§ DATA RECORDS
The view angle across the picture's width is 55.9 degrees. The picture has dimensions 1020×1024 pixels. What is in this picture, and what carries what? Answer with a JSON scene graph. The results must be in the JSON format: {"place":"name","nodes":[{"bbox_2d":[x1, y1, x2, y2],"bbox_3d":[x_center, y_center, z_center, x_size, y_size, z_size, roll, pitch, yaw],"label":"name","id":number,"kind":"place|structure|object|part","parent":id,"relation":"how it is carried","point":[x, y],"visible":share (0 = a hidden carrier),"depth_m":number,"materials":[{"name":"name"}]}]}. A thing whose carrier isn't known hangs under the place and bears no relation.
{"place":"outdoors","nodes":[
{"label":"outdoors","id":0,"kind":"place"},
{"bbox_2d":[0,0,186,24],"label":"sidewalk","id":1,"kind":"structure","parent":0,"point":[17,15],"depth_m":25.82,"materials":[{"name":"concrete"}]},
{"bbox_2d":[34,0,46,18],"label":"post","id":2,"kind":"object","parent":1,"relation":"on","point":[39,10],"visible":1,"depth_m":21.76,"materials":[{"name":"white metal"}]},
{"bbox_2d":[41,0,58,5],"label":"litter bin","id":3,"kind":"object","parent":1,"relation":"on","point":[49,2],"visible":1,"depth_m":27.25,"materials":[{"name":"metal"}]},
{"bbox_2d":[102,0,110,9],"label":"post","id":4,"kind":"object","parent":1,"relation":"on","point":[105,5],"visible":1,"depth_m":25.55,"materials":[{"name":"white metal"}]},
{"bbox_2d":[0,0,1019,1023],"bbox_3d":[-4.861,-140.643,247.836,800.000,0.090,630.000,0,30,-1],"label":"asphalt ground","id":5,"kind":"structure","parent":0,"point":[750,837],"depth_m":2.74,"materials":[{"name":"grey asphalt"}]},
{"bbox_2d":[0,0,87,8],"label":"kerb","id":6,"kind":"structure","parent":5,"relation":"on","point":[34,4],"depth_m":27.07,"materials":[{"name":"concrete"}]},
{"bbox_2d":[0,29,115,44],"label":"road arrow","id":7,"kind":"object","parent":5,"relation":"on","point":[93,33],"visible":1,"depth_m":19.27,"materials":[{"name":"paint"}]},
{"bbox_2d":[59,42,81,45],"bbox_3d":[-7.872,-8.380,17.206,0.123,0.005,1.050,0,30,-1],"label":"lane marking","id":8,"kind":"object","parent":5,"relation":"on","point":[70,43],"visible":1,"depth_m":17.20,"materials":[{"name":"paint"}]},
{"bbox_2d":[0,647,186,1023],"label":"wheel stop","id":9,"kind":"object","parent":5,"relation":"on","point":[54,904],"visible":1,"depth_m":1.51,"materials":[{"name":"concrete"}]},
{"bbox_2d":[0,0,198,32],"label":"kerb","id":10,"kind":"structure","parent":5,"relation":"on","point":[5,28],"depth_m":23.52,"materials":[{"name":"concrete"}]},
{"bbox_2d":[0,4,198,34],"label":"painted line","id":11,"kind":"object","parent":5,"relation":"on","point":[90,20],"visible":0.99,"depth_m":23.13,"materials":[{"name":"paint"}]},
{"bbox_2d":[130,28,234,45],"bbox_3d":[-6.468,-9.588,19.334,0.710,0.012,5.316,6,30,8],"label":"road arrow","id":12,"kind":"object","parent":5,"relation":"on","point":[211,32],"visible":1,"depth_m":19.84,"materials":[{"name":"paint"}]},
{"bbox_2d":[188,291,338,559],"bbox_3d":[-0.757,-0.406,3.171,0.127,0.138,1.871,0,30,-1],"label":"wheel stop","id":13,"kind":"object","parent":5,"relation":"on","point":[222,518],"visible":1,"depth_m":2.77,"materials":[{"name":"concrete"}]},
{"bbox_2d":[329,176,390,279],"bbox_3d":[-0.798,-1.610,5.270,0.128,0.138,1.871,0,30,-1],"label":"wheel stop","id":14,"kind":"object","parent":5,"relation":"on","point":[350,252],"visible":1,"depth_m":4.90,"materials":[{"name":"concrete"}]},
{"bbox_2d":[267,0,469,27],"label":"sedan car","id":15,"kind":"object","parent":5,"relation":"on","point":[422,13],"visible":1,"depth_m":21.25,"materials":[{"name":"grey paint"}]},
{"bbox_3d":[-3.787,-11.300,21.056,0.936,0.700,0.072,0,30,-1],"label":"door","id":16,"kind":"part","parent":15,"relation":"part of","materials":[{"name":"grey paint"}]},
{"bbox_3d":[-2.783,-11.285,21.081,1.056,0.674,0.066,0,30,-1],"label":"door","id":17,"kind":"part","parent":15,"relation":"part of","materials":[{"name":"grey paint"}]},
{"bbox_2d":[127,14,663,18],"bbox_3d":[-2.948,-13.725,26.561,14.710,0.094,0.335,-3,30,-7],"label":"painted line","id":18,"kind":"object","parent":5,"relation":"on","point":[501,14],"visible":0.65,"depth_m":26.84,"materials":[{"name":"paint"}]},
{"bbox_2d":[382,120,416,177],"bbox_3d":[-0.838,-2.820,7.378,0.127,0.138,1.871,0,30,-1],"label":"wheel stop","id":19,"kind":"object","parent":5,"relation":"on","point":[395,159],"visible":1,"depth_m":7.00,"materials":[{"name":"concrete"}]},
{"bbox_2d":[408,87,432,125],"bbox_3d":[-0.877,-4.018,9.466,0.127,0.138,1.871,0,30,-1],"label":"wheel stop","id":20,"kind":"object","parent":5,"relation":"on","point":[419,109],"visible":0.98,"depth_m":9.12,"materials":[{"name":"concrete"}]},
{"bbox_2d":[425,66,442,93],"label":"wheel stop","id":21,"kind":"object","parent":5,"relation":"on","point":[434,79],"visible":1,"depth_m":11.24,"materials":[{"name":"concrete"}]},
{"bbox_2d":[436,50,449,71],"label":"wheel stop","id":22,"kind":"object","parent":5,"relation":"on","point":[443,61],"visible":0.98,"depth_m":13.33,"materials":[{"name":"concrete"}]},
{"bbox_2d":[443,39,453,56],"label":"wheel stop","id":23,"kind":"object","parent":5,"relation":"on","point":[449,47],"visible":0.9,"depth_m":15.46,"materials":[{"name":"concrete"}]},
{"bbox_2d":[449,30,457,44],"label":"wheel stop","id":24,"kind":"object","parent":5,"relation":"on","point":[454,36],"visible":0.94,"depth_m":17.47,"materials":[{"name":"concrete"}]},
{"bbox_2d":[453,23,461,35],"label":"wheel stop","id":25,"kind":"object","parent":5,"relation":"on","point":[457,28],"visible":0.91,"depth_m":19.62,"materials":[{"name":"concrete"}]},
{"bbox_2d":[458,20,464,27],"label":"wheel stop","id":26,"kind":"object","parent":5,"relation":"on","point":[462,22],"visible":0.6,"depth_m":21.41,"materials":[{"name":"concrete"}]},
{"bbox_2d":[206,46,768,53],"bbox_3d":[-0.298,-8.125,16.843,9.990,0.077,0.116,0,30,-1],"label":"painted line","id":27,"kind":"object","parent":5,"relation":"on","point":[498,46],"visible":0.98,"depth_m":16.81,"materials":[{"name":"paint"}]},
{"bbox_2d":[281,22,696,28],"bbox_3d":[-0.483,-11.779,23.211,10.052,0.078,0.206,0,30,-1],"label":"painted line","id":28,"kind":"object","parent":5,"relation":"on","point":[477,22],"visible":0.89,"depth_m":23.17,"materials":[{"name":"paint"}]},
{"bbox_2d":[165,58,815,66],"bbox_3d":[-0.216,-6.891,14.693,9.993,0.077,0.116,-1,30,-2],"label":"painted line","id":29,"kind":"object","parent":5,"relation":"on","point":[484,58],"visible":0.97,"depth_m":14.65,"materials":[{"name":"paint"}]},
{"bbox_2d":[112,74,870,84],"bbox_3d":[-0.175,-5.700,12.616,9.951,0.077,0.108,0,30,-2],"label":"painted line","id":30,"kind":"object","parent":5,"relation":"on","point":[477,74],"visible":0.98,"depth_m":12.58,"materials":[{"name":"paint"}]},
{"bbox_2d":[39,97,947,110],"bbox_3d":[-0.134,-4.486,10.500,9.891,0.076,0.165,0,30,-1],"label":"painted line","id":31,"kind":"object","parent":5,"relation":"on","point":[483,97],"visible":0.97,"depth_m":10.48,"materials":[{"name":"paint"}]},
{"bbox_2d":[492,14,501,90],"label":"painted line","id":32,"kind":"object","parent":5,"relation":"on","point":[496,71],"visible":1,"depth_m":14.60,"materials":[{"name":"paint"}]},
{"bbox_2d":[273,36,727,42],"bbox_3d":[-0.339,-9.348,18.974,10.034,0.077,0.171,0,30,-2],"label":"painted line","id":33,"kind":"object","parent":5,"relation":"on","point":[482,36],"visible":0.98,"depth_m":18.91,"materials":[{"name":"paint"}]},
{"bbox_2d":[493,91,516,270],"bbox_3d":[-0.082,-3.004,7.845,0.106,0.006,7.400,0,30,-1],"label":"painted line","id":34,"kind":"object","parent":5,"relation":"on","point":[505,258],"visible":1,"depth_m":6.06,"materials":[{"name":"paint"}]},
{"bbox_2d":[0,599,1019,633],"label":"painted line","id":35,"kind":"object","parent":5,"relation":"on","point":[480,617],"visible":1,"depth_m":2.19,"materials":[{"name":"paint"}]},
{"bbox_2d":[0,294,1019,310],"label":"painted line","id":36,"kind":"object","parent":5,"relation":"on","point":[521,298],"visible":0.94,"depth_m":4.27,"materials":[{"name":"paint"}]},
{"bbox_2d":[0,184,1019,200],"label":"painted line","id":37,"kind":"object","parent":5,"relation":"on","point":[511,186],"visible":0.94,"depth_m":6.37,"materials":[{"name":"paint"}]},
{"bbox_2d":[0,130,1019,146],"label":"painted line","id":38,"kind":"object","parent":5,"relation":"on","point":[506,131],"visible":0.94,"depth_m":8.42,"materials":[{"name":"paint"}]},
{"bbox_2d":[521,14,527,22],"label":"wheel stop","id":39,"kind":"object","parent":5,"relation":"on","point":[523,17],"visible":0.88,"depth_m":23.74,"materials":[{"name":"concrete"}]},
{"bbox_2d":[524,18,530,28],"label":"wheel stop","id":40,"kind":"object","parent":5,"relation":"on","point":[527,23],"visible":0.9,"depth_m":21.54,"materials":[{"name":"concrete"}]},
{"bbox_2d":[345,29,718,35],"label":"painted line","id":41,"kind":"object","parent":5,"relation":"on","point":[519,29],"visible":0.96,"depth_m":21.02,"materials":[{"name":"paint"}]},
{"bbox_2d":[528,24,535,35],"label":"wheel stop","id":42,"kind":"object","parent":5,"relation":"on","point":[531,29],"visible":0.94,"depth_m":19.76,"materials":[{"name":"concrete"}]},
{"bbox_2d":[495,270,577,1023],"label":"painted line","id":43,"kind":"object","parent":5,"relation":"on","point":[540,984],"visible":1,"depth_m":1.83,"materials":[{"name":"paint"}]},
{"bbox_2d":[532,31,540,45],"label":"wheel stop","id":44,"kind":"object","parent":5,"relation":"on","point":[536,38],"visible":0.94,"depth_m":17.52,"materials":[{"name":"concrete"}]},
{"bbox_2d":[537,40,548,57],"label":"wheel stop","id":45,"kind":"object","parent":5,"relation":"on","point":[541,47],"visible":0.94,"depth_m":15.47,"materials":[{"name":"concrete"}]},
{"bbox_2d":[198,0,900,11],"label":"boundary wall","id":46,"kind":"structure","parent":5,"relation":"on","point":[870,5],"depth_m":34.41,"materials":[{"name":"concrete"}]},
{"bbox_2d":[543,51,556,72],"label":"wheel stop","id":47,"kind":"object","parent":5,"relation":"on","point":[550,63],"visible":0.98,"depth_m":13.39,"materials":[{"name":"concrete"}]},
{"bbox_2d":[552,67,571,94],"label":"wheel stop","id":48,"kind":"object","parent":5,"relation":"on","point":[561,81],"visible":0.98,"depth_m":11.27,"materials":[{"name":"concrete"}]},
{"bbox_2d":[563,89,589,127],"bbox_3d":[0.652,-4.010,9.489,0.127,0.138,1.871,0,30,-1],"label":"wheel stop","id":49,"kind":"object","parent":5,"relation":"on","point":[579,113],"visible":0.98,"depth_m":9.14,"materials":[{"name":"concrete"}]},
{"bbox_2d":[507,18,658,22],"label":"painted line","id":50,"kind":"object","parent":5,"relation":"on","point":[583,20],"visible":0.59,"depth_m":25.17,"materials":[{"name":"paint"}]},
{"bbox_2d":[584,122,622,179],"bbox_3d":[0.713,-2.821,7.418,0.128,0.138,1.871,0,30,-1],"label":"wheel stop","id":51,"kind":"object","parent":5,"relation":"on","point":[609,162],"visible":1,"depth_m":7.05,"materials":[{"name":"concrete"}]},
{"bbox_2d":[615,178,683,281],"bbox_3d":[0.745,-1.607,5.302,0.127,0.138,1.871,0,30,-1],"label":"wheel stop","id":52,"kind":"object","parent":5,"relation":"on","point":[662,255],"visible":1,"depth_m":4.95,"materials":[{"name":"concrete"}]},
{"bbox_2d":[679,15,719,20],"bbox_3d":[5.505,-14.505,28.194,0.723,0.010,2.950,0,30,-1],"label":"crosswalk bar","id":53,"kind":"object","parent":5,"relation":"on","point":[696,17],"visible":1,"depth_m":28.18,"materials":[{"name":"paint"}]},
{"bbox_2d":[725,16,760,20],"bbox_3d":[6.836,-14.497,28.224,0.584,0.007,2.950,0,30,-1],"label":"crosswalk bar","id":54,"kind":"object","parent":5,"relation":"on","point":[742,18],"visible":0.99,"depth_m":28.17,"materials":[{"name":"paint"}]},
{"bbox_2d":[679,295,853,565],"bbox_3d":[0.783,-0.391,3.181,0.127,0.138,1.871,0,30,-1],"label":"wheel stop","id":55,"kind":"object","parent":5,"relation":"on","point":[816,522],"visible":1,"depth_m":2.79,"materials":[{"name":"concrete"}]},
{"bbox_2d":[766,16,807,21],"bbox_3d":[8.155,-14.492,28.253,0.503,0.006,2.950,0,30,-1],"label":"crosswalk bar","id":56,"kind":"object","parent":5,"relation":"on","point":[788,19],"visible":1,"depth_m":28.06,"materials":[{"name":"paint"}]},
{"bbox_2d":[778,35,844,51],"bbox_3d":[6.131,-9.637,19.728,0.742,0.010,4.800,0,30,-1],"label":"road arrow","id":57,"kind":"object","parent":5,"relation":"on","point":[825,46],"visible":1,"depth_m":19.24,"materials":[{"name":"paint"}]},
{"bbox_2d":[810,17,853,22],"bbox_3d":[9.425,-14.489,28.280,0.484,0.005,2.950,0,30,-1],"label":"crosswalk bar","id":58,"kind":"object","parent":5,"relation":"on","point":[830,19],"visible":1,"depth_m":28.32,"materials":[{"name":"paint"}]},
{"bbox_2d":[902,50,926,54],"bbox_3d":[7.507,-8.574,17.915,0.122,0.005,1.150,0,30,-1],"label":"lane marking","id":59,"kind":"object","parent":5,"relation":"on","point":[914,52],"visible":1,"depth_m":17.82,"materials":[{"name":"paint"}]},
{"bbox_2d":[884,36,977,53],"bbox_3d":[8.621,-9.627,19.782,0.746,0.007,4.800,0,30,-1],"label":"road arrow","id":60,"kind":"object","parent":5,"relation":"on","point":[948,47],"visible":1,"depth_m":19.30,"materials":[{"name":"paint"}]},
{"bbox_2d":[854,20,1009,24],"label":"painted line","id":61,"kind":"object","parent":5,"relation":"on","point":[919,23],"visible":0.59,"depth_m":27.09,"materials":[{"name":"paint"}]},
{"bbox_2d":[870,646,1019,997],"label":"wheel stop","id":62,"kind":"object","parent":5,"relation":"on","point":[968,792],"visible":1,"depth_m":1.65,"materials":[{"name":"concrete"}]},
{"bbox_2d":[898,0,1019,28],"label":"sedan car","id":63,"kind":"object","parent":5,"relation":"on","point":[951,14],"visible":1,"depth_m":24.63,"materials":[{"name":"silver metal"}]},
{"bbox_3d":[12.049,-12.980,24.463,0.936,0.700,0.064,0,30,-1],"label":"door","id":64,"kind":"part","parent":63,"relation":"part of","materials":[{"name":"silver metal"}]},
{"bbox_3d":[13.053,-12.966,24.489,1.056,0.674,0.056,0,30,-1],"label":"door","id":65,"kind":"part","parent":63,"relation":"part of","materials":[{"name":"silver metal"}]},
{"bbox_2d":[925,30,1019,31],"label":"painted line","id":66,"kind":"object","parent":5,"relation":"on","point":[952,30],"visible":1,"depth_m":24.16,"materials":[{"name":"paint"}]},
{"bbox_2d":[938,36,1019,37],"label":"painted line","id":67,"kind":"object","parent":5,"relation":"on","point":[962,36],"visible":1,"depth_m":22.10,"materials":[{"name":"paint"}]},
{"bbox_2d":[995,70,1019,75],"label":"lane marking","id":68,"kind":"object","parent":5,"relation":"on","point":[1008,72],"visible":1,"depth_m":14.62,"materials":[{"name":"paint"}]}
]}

§ TASK BRIEF
Within the records above, how many lines include the word "road"? Only the number is wanted.

§ FINISHED TASK
4